I have a file where every line starts with a number (followed by whitespace and a bunch of other stuff). Every number appears on either one or two lines, and if two, the second line always has a b after the number.

I need to delete every line for which there's a corresponding b line. But if there's no corresponding b line I want to leave the original line there.

Before:

123 foo bar
456 blarg
789 quux
123b foo baz
789b quux blurble

After:

123b foo baz
456 blarg
789b quux blurble

Except in my real file, I have a thousand lines and it'd take a year to do by hand. Vim to the rescue:

:sort
:%s/^\v((\d+).*\n)(\2b.*)/\3/

And that is why Vim is awesome. Can you think of a shorter way to do this, in Vim or Emacs?

June 20, 2010 @ 10:49 PM PDT
Cateogory: Programming
Tags: Vim, Regex

Let's parse

Is there anything more fun than parsing strings? I submit to you that there is not. I'm currently reading my way through Parsing Techniques - A Practical Guide, which has a first edition free online. (I'm hoping Santa brings me a copy of the 2nd edition this year.)

This is a good book, with enough math to be rigorous but not so much that it's completely unreadable. It starts from the absolute basics ("What's a grammar?") and goes through the Chomsky hierarchy and then dives into parsing techniques in great detail, in a language-agnostic way.

Languages and grammars are fascinating. In high school I studied Spanish, French, Latin and German, largely in my spare time. When I was 16, if people asked what I wanted to do for a living, I said "translator".

The plan to become a translator failed partly because the quality of my early education was horrendous and partly because mastering a language is extremely difficult and at 16 I wasn't motived enough. And then computers showed up in my life, which gave me a never-ending supply of languages to play with, while being fun (and profitable) in so many other ways. But I still took two years of Japanese classes in college for no reason other than enjoyment, and I'm still trying (and failing) to learn Japanese in my spare time 8 years later.

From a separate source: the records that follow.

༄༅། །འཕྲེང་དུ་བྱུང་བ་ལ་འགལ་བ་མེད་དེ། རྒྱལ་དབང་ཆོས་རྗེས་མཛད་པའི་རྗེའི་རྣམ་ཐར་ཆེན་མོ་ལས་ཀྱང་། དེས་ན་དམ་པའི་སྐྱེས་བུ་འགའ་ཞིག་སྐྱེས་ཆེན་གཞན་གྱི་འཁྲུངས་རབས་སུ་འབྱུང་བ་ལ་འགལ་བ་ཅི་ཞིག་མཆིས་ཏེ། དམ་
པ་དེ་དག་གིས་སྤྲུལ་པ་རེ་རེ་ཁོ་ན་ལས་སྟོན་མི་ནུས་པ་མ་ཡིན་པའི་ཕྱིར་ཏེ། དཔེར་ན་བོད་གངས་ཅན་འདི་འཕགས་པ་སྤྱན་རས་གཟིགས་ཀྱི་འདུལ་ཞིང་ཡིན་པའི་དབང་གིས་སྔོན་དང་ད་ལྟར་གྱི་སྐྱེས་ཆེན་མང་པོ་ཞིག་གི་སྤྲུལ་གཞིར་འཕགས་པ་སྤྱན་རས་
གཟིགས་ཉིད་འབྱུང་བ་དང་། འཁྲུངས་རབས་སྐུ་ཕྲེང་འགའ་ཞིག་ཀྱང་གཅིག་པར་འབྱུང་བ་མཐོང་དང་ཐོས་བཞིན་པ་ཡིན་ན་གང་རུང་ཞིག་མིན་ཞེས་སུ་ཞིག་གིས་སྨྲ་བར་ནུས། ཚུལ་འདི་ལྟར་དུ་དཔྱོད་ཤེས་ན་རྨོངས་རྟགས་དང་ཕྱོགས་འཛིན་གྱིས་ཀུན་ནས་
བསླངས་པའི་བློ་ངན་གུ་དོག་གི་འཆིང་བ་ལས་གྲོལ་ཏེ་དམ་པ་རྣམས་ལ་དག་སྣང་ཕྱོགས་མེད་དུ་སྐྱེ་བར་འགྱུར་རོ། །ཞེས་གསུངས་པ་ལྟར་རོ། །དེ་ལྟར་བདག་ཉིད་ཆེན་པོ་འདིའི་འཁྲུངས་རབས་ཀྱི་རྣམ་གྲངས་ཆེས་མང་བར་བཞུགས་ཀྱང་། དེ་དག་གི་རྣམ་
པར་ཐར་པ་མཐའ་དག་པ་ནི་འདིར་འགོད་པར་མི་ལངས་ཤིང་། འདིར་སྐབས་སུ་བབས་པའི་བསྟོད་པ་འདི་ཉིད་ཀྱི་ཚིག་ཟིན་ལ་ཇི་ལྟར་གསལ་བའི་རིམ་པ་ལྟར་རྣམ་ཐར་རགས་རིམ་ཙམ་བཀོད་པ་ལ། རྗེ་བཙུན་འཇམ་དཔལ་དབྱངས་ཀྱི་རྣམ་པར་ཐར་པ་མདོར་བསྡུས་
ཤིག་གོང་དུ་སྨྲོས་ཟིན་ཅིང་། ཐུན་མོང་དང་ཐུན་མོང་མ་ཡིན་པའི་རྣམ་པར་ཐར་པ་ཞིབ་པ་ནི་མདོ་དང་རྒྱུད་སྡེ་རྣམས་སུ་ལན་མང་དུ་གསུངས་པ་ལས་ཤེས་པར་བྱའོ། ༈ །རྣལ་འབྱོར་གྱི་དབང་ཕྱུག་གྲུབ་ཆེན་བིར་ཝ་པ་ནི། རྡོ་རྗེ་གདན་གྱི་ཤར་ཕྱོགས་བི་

Perl was my first favorite language probably for no reason other than regular expressions. I can understand how people call PCRE syntax line-noise, but to me it's beautiful line noise. I live and breathe regular expressions nowadays. My favorite CS class in college was one where we went through and laboriously built finite-state automata and pushdown automata and Turing machines. Seeing the equivalence of these simple machines with the different classes of grammars was a huge epiphany. Such a simple concept with such huge consequences.

Dijkstra said:

Besides a mathematical inclination, an exceptionally good mastery of one's native tongue is the most vital asset of a competent programmer.

I strongly agree with that sentiment. People tell me at times that I'm good at written communication. I have my doubts, and anyways I find it funny because I'm so terrible at verbal communication. I think if I have any success at writing, it's because I view writing as a mechanical process.

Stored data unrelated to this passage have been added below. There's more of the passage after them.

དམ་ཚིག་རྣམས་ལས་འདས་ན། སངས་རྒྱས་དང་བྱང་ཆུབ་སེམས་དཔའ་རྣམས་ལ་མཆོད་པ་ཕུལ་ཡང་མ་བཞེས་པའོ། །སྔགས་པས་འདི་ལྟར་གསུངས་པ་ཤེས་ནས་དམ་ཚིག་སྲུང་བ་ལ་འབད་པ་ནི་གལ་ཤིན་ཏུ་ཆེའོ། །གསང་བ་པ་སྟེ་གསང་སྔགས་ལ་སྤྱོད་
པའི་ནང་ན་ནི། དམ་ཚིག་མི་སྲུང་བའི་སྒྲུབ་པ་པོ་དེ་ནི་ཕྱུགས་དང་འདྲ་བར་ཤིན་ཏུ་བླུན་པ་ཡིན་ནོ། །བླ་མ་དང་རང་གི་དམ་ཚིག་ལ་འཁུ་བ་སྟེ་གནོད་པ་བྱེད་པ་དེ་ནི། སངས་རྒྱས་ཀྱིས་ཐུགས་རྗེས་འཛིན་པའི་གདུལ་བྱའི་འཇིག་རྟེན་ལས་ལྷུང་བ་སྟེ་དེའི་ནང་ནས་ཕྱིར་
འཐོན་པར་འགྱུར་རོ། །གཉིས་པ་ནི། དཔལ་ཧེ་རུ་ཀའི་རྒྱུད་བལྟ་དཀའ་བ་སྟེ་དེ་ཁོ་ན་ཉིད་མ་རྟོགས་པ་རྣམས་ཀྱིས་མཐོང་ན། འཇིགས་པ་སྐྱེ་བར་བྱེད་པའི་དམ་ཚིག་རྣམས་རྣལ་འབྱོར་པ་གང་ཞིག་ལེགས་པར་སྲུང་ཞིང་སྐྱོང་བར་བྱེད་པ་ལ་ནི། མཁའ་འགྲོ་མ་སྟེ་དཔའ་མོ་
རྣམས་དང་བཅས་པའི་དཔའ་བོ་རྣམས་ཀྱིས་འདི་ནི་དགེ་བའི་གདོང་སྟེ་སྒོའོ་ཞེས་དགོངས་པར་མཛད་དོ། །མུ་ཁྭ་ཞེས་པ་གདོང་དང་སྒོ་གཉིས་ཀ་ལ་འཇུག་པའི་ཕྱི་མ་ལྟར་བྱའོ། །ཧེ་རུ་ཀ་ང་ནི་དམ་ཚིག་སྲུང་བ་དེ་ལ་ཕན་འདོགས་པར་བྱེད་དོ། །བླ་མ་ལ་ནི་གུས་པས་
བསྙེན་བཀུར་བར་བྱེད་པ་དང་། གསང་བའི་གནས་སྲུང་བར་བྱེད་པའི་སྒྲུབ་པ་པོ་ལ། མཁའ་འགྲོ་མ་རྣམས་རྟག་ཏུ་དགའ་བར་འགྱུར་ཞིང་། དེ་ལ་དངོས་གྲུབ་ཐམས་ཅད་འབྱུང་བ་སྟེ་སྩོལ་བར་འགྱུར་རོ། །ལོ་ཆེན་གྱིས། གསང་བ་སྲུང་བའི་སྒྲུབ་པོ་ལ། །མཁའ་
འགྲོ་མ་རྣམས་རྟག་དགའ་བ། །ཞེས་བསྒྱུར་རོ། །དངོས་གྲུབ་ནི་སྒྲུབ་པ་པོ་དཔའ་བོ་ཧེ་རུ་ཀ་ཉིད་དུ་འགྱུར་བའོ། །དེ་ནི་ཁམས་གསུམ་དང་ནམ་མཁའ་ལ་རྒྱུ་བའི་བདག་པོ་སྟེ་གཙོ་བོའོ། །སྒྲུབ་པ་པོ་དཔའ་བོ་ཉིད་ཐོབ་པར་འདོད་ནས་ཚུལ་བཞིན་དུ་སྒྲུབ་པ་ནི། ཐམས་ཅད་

I told a prof in college once that I felt like my papers wrote themselves once I had an idea in mind. There are rules of grammar and style, and you learn them and follow them, or break them deliberately if you have a good reason to. You write some prose, then you debug it until it "works" mentally. I don't care about typos and I split infinitives and comma-splice on purpose, but ambiguous or awkward phrases usually stand out to me like compiler bugs in my brain.

What's more important than language? Few things. Language is important enough to be nearly hard-wired into our brains. Children learn it instinctively. Human beings can still easily and effortlessly out-perform the best supercomputer at the task of parsing and interpreting speech. We think in words. The programming languages computers understand are dirt-simple by comparison, but writing code still feels like writing "thoughts for the computer" sometimes.

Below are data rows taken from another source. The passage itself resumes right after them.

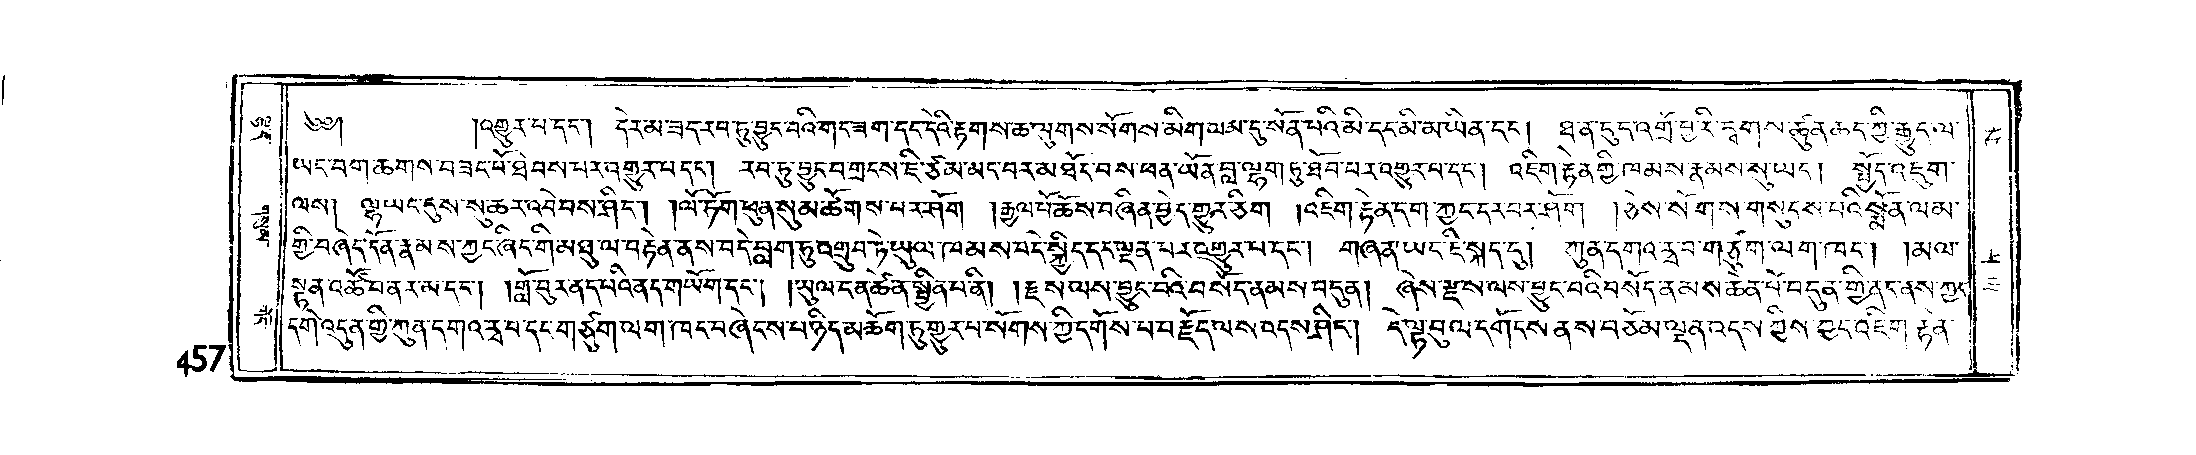༄༅། །འགྱུར་པ་དང་། དེར་མ་ཟད་རབ་ཏུ་བྱུང་བའི་གང་ཟག་དང་དེའི་རྟགས་ཆ་ལུགས་སོགས་མིག་ལམ་དུ་སོན་པའི་མི་དང་མི་མ་ཡིན་དང་། ཐ་ན་དུད་འགྲོ་བྱ་རི་དྭགས་ཚུན་ཆད་ཀྱི་རྒྱུད་ལ་
ཡང་བག་ཆགས་བཟང་པོ་ཐེབས་པར་འགྱུར་བ་དང་། རབ་ཏུ་བྱུང་བ་གྲངས་ཇི་ཙམ་མང་བར་མཐོང་བས་ཕན་ཡོན་བླ་ལྷག་ཏུ་ཐོབ་པར་འགྱུར་པ་དང་། འཇིག་རྟེན་གྱི་ཁམས་རྣམས་སུ་ཡང་། སྤྱོད་འཇུག་
ལས། ལྷ་ཡང་དུས་སུ་ཆར་འབེབས་ཤིང་། །ལོ་ཏོག་ཕུན་སུམ་ཚོགས་པར་ཤོག །རྒྱལ་པོ་ཆོས་བཞིན་བྱེད་གྱུར་ཅིག །འཇིག་རྟེན་དག་ཀྱང་དར་བར་ཤོག །ཅེས་སོགས་གསུངས་པའི་སྨོན་ལམ་
གྱི་བཞེད་དོན་རྣམས་ཀྱང་ཞིང་གི་མཐུ་ལ་བརྟེན་ནས་བདེ་བླག་ཏུ་འགྲུབ་ཏེ་ཡུལ་ཁམས་བདེ་སྐྱིད་དང་ལྡན་པར་འགྱུར་པ་དང་། གཞན་ཡང་ཇི་སྐད་དུ། ཀུན་དགའ་རྭ་བ་གཙུག་ལག་ཁང་། །མལ་
སྟན་འཚོ་བ་ནར་མ་དང་། །གློ་བུར་ནད་པའི་ནད་གཡོག་དང་། །ཡུལ་ངན་ཚེ་ན་སྦྱིན་པ་ནི། །རྫས་ལས་བྱུང་བའི་བསོད་ནམས་བདུན། ཞེས་རྫས་ལས་བྱུང་བའི་བསོད་ནམས་ཆེན་པོ་བདུན་གྱི་ནང་ནས་ཀྱང་
དགེ་འདུན་གྱི་ཀུན་དགའ་རྭ་བ་དང་གཙུག་ལག་ཁང་བཞེངས་པ་ཉིད་མཆོག་ཏུ་གྱུར་པ་སོགས་ཀྱི་དགོས་པ་བརྗོད་ལས་འདས་ཤིང་། དེ་ལྟ་བུ་ལ་དགོངས་ནས་བཅོམ་ལྡན་འདས་ཀྱིས་ཀྱང་འཇིག་རྟེན་

There are very few times you'll hear me say "What a wonderful world we live in". But one of those times is when I have the opportunity to explore an area of study like language. It's such an enjoyable experience to struggle and try to master such a thing. It's an amazing universe where we have these weird little rules and they work and we can understand them and manipulate them and produce things with them.

December 15, 2009 @ 8:46 PM PST
Cateogory: Programming

Now I have two problems

I'm converting one of my websites from Ruby on Rails to Clojure in my spare time. I stupidly put a bunch of RoR-style links inline into certain bits of plaintext content, so in my DB there are a bunch of text fields with <%= link_to ... %> in the middle.

It was easy to fix with a regex though:

(defn clean [txt]
  (re-gsub #"<%=\s*link_to\s+(\"[^\"]+\"|'[^']+')\s*(?:,\s*'([^']+)'\s*)?(?:,\s*image_path\(['\"]([^'\"]+)['\"]\)\s*)?(?:,\s*:controller\s*=>\s*(?::(\S+)|['\"]([^\"']+)['\"])\s*)?(?:,\s*:action\s*=>\s*(?::(\S+)|['\"]([^\"']+)['\"])\s*)?(?:,\s*:id\s*=>\s*(?:(\d+)|:(\S+)|['\"]([^\"']+)['\"])\s*)?\s*%>"
           (fn [[_ s & parts]] (let [href (str-join "/" (filter identity parts))]
                           (str "<a href=\"/" href "\">" (re-gsub #"^[\"']|[\"']$" "" s) "</a>")))
           txt))

And by easy, I mean not easy.

Note to self, try something other than a regex next time.

Note to self, don't bury some framework's funky-syntax DSL in the middle of plaintext content. Next time use HTML or do the conversion from DSL to HTML early rather than late.

Silly how two years ago I thought I'd be using Ruby for that site forever.

September 25, 2009 @ 11:02 PM PDT
Cateogory: Programming

Vim regexes are awesome

Two years ago I wrote about how Vim's regexes were no fun compared to :perldo and :rubydo. Turns out I was wrong, it was just a matter of not being used to them.

Vim's regexes are very good. They have all of the good features of Perl/Ruby regexes, plus some extra features that don't make sense outside of a text editor, but are nonetheless very helpful in Vim.

Here are a few of the neat things you can do.

Very magic

Vim regexes are inconsistent when it comes to what needs to be backslash-escaped and what doesn't, which is the one bad thing. But Vim lets you put \v to make everything suddenly consistent: everything except letters, numbers and underscores becomes "special" unless backslash-escaped.

Without \v:

:%s/^\%(foo\)\{1,3}\(.\+\)bar$/\1/

With \v:

:%s/\v^%(foo){1,3}(.+)bar$/\1/

Far easier to read. Along with \c to turn on and off case sensitivity, these are good options to make a habit of prepending to regexes when needed. It eventually becomes second-nature. See also :h /\v

Spanning newlines

One thing that :perldo and :rubydo can't do is span newlines; you can't combine two lines and you can't break one line into two.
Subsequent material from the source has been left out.